Each project has a similar organization. There are certain limitations on the size and type of files that can be pushed to GitHub. There are also certain things that shouldn’t be accessible by the public (e.g., data we have a licence to access). For these reasons, we have folders and files that are pushed to GitHub and those that are not.
/Code
Each script should do something specific (like tidyverse functions), have a descriptive name, and include number prefixes if they are meant to be run in a certain order (e.g.,01_import_data.R
,02_clean_data.R
)./Data
While all data live here, only data that are small and can be shared publically will be pushed./Figures
Figures live here, including images (saved as PNG files) and data referenced or used for tables, for use in theREADME
, paper, and presentation./Paper
The manuscript of the paper, without any PDF knits, including a specified Creative Commons license./Presentation
Slides for presentations, again without any PDF knits.README
The abstract and any project-specific details and deviations from this outline.
/Output
Output from model runs.
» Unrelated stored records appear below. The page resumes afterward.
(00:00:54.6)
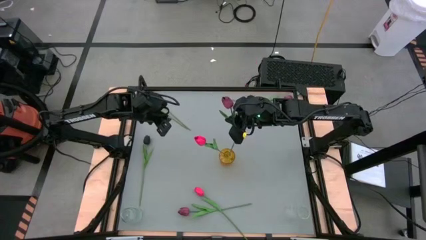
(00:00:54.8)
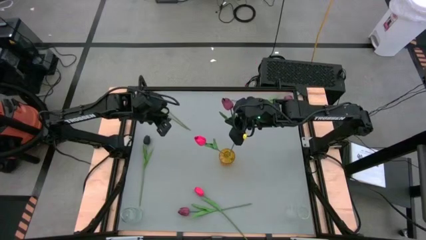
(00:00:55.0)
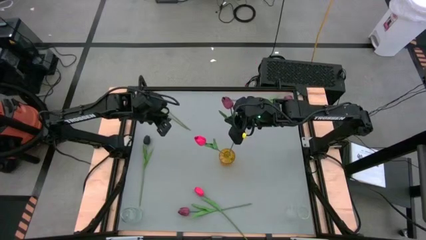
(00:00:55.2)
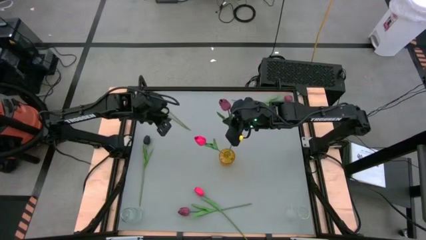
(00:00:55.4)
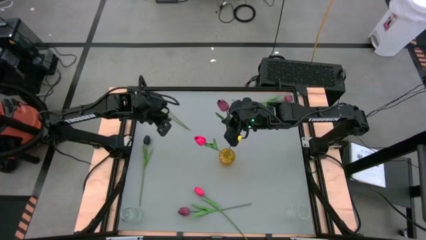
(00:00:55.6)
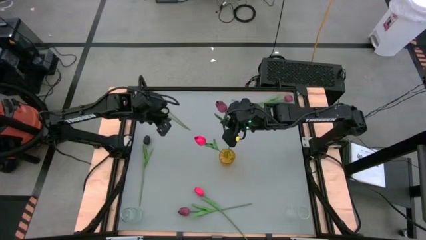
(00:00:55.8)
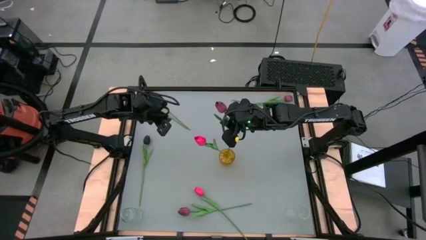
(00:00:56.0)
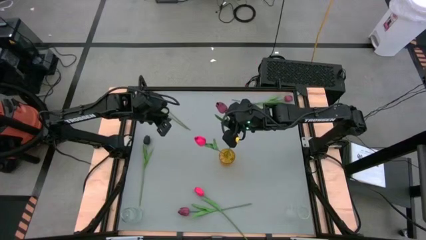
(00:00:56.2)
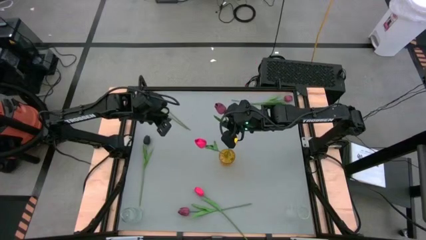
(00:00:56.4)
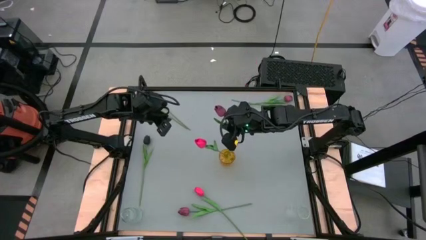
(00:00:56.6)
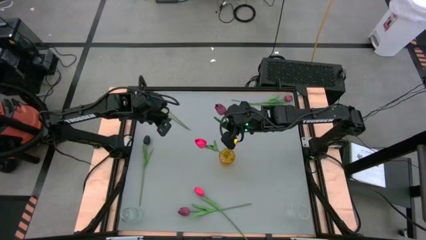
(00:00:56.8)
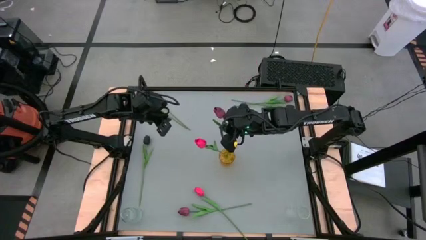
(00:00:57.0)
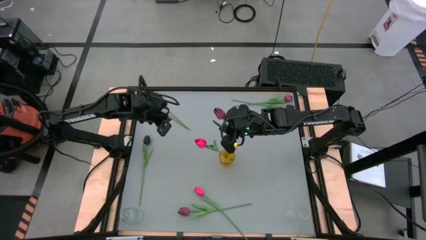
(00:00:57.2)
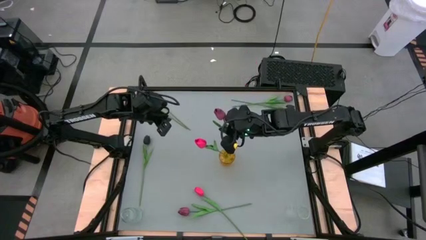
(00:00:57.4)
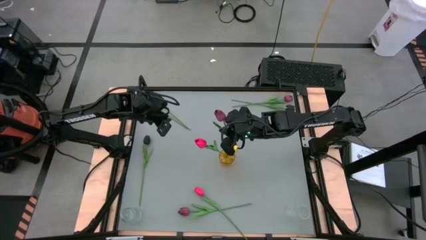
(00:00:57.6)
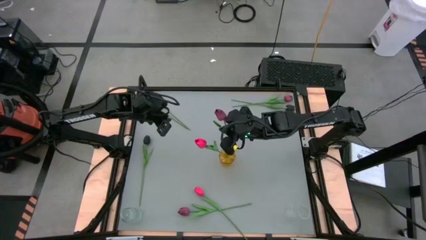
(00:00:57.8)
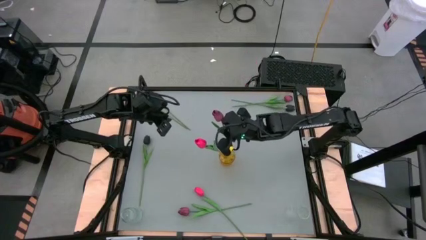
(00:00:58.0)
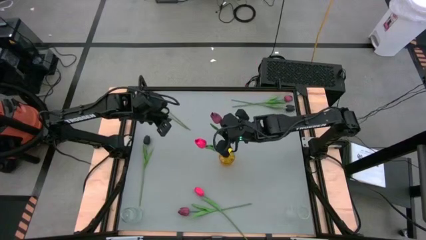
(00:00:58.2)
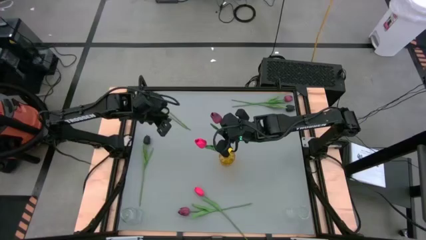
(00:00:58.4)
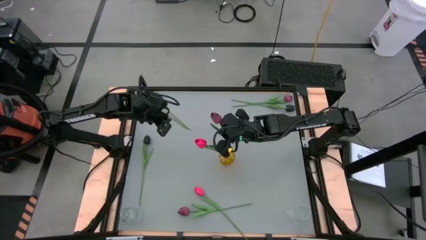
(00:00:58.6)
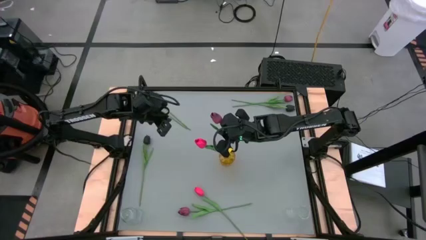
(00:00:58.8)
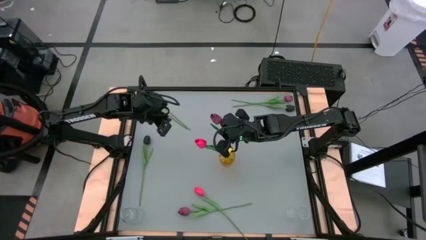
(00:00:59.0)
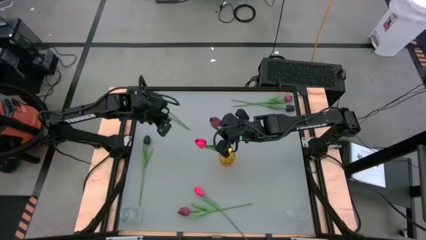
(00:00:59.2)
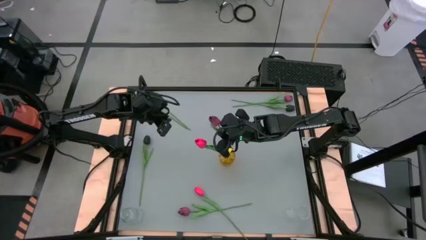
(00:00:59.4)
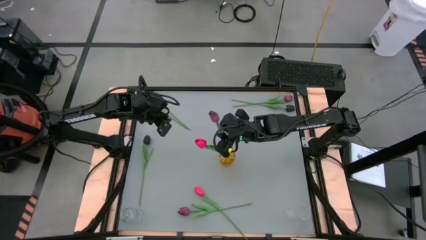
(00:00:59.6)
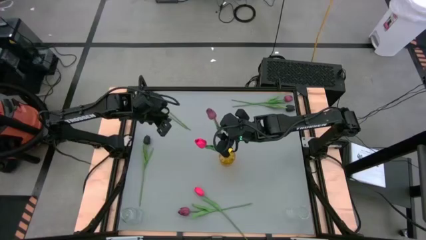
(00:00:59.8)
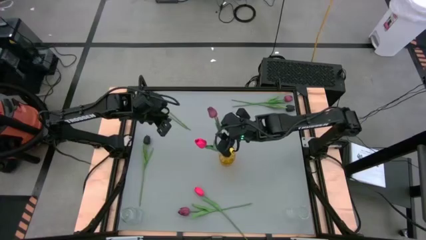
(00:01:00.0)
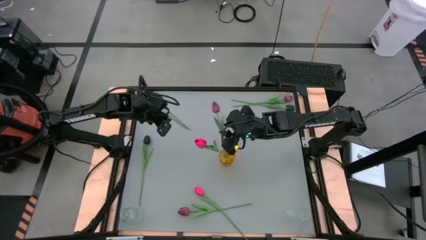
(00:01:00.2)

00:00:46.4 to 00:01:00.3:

These files tend to be too large. They are also something each user can create on their own./Readings
Loose papers that you want to keep track of reading locally. GitHub is not a paper management system./Temporary
A catch-all folder for temporary files specific to a project that might not have anywhere else to live.
Note that you can create Output
, Readings
, and Temporary
folders
in your local clone without worrying about them being pushed. We can
further modify the .gitignore
file to add other folders and files that
aren’t pushed to GitHub.
- Use RStudio projects.
- Use
here::here()
to specify files paths. - Use tidyverse functions as much as possible.
- Try and follow the tidyverse style guide.